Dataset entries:
»»

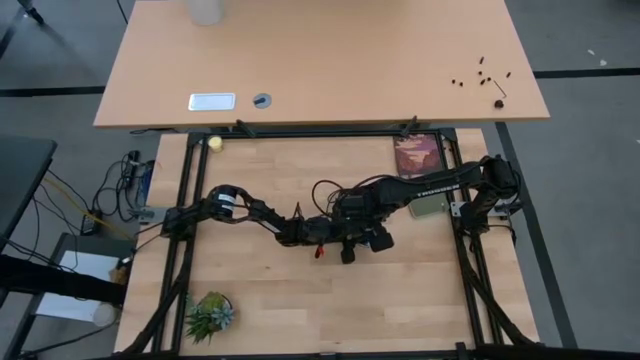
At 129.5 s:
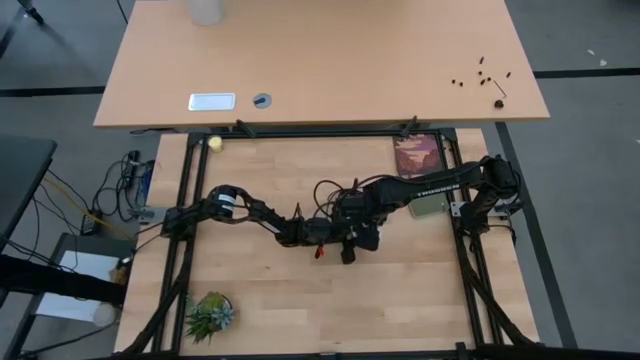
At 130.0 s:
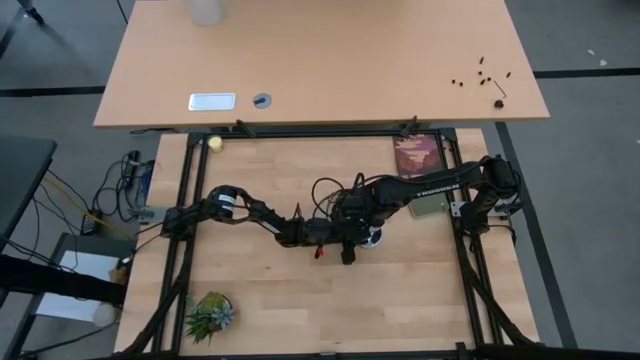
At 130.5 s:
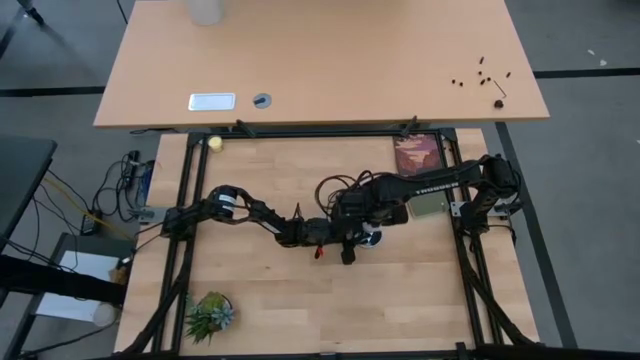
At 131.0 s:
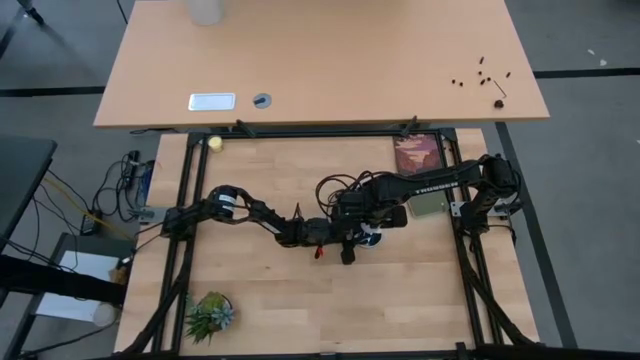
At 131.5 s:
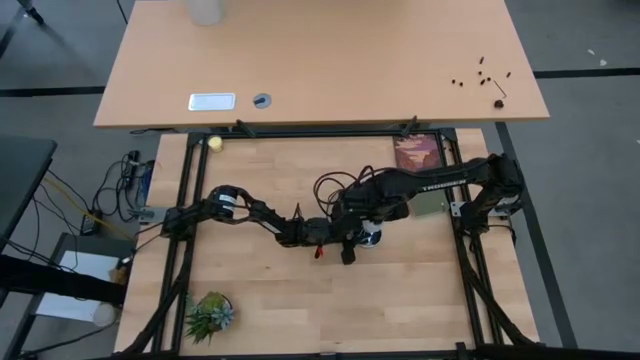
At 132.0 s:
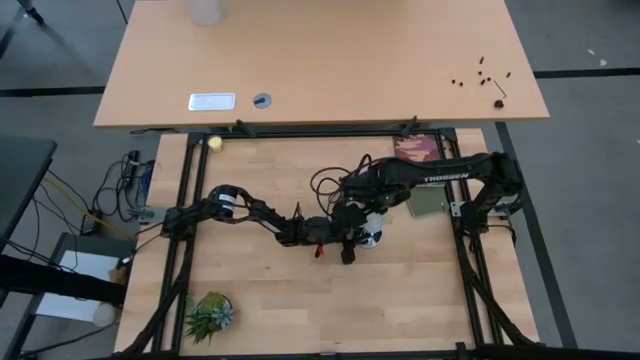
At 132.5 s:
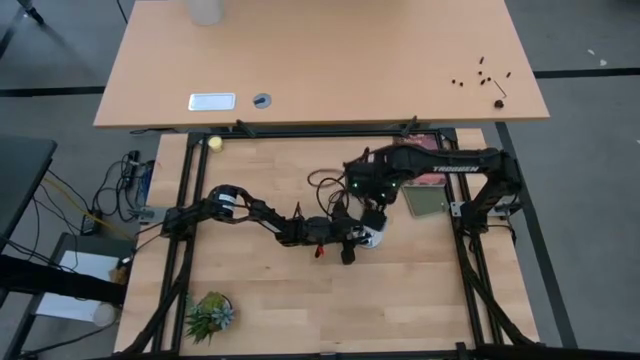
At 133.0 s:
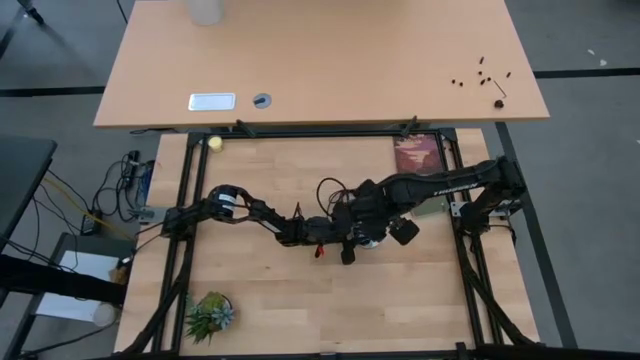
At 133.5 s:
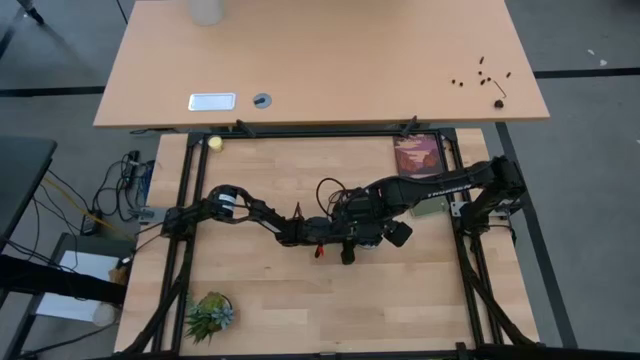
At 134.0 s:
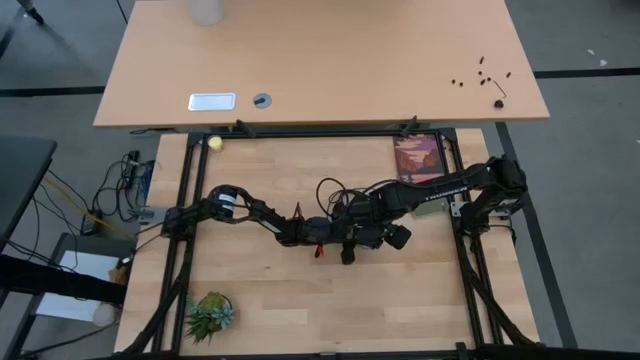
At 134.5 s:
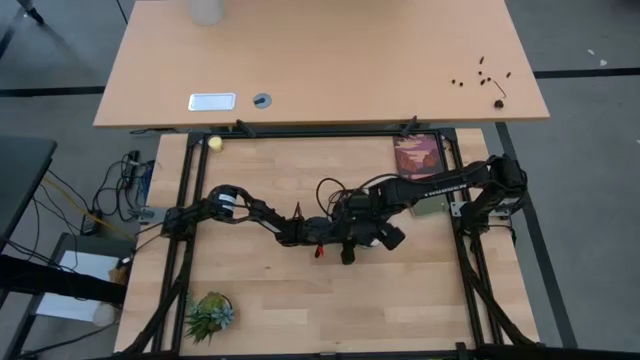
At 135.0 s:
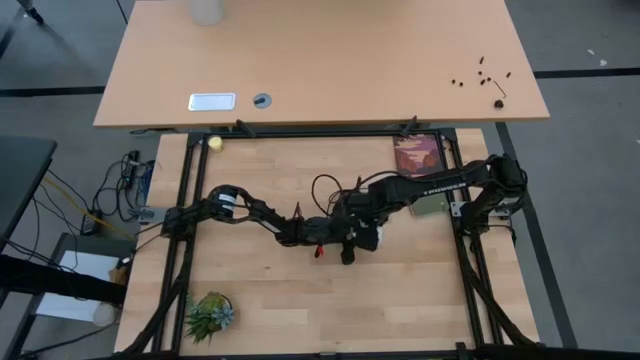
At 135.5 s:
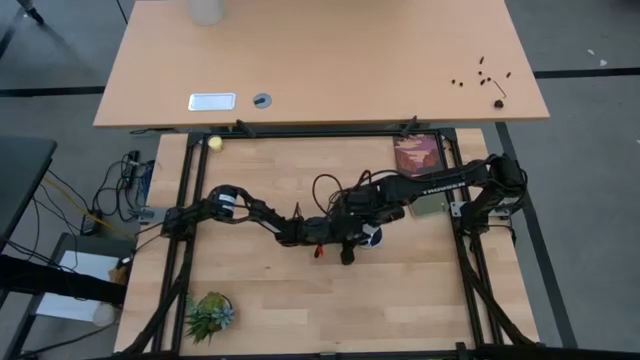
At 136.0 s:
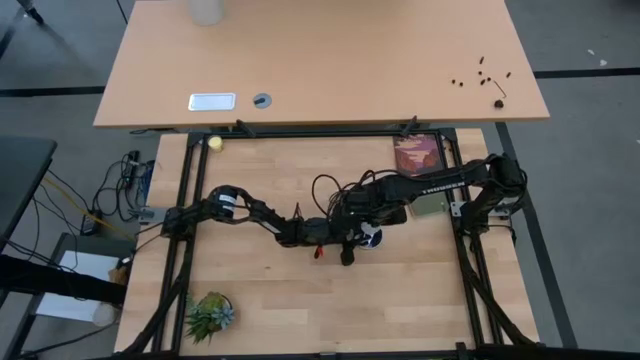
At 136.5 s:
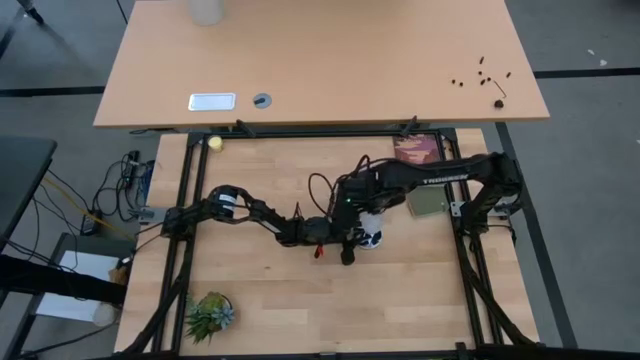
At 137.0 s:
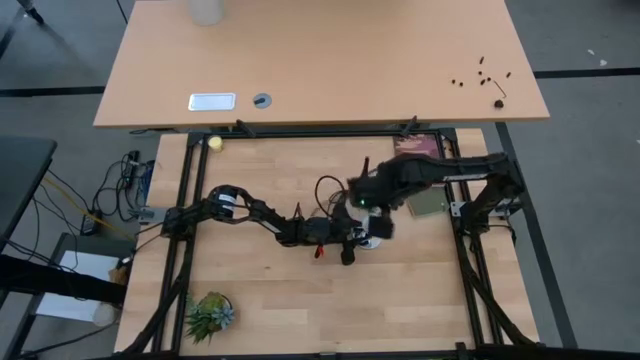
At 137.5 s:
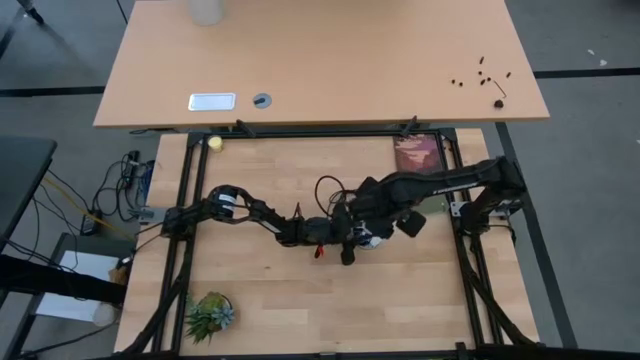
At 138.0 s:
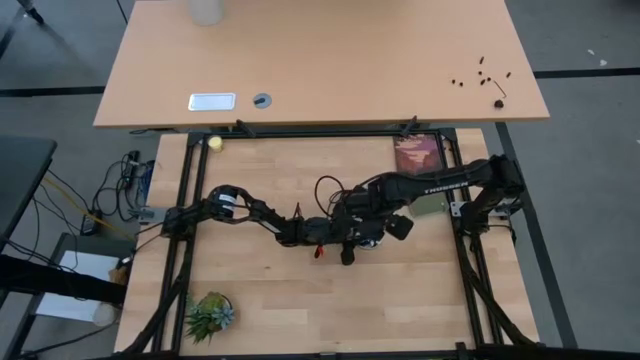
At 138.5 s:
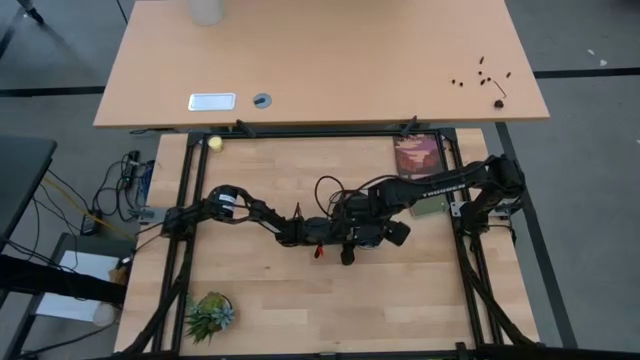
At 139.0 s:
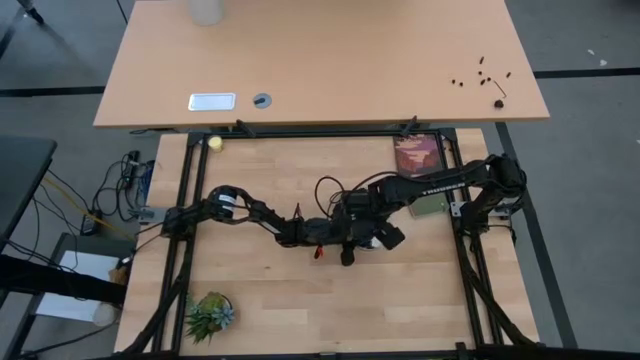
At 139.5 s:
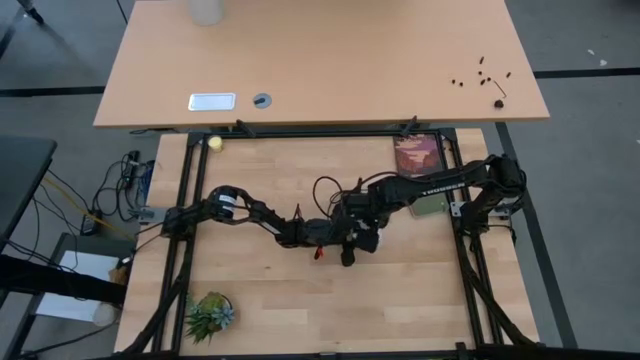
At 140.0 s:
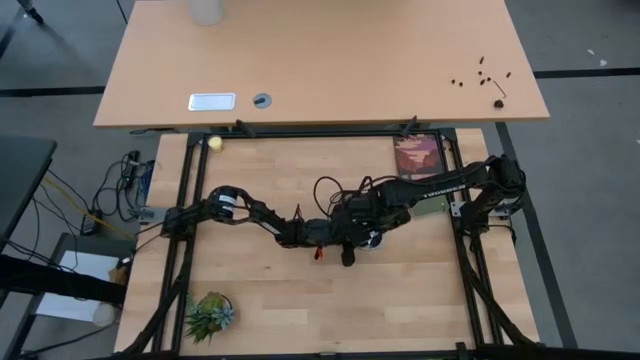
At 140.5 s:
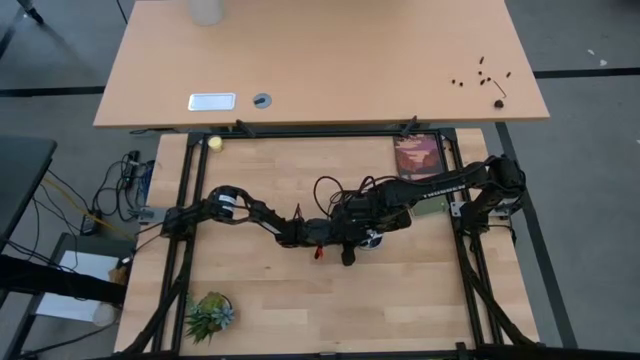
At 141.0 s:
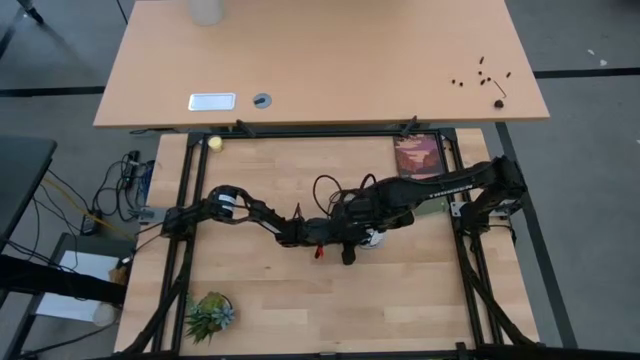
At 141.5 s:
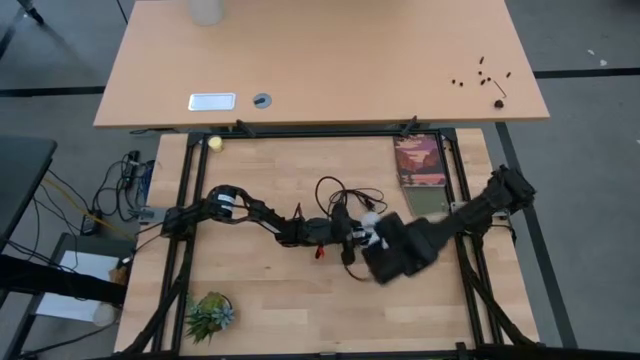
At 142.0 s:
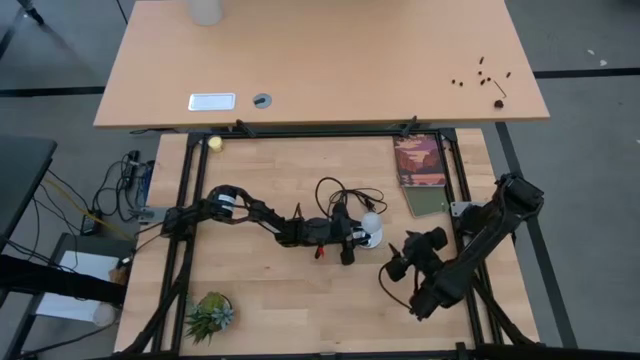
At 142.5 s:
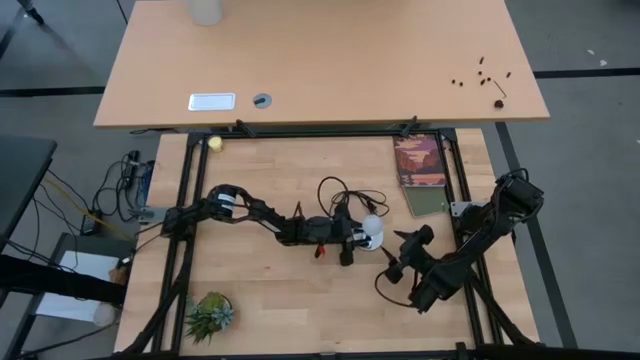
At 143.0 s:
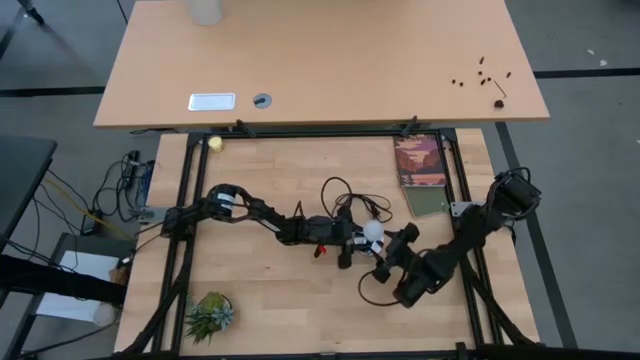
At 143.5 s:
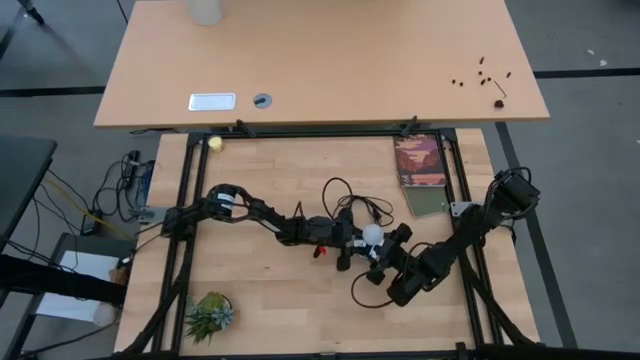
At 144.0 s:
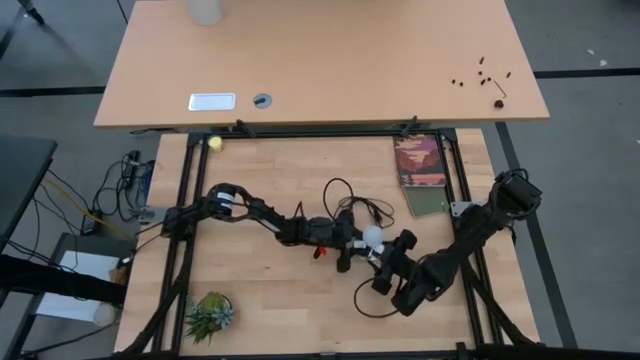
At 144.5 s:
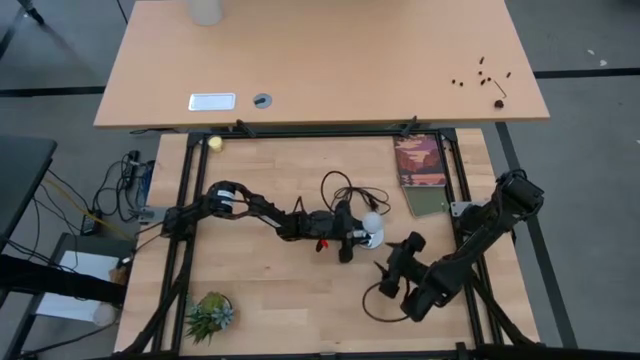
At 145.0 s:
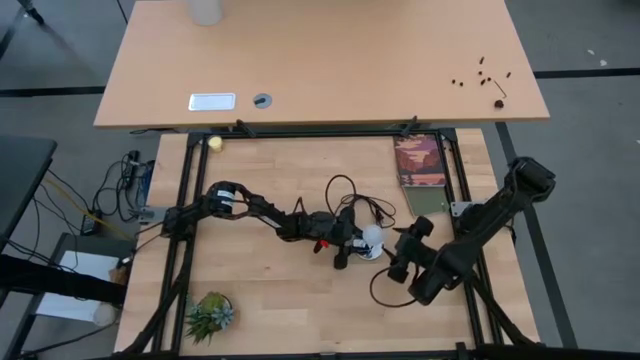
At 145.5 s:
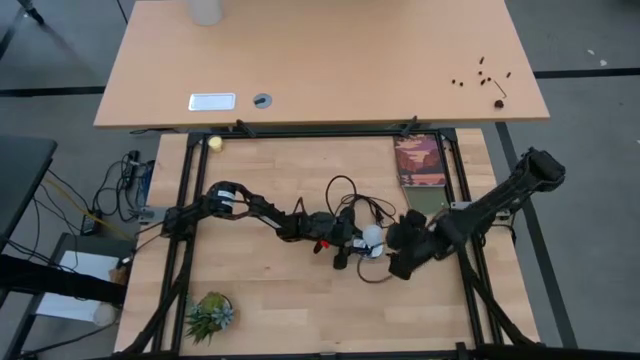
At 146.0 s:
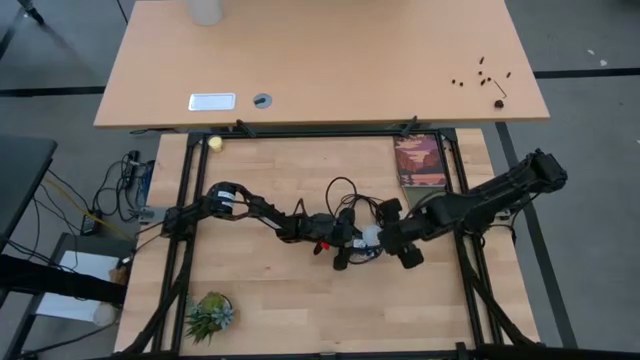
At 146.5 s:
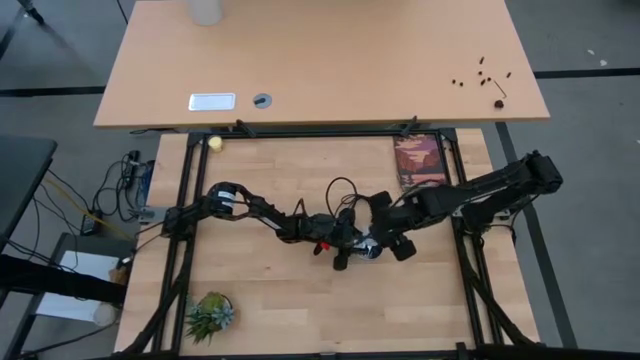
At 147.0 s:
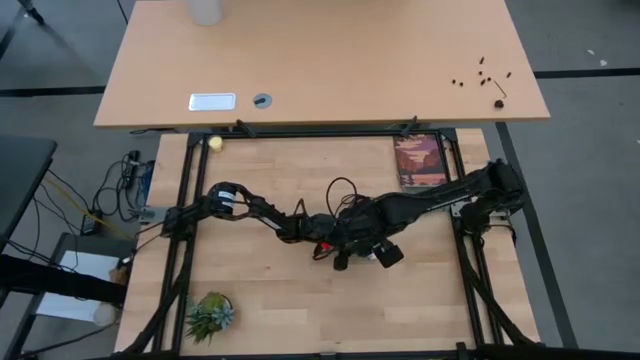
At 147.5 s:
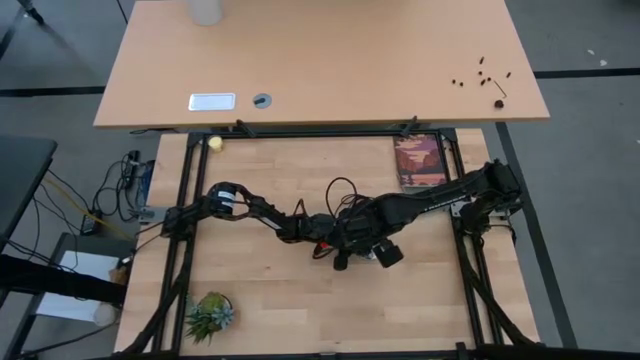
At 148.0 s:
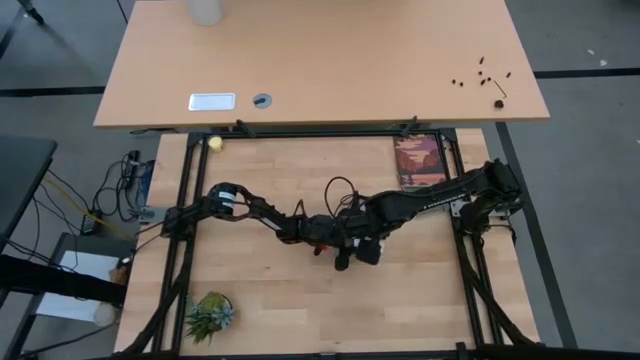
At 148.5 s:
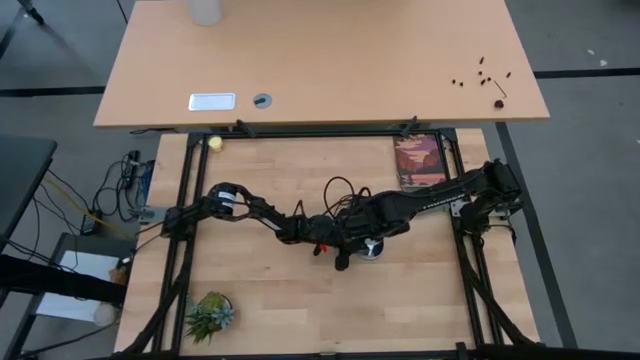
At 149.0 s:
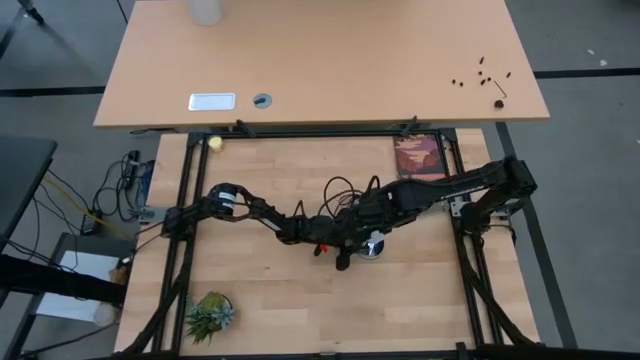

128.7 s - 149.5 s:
Task: Screw lightbulb
Insert the lightbulb into the silver lamp

««

Drop every image, please, and write out the data above exactly as shown.

At 129.5 s:
At 130.0 s:
At 130.5 s:
At 131.0 s:
At 131.5 s:
At 132.0 s:
At 132.5 s:
At 133.0 s:
At 133.5 s:
At 134.0 s:
At 134.5 s:
At 135.0 s:
At 135.5 s:
At 136.0 s:
At 136.5 s:
At 137.0 s:
At 137.5 s:
At 138.0 s:
At 138.5 s:
At 139.0 s:
At 139.5 s:
At 140.0 s:
At 140.5 s:
At 141.0 s:
At 141.5 s:
At 142.0 s:
At 142.5 s:
At 143.0 s:
At 143.5 s:
At 144.0 s:
At 144.5 s:
At 145.0 s:
At 145.5 s:
At 146.0 s:
At 146.5 s:
At 147.0 s:
At 147.5 s:
At 148.0 s:
At 148.5 s:
At 149.0 s:

128.7 s - 149.5 s:
Task: Screw lightbulb
Insert the lightbulb into the silver lamp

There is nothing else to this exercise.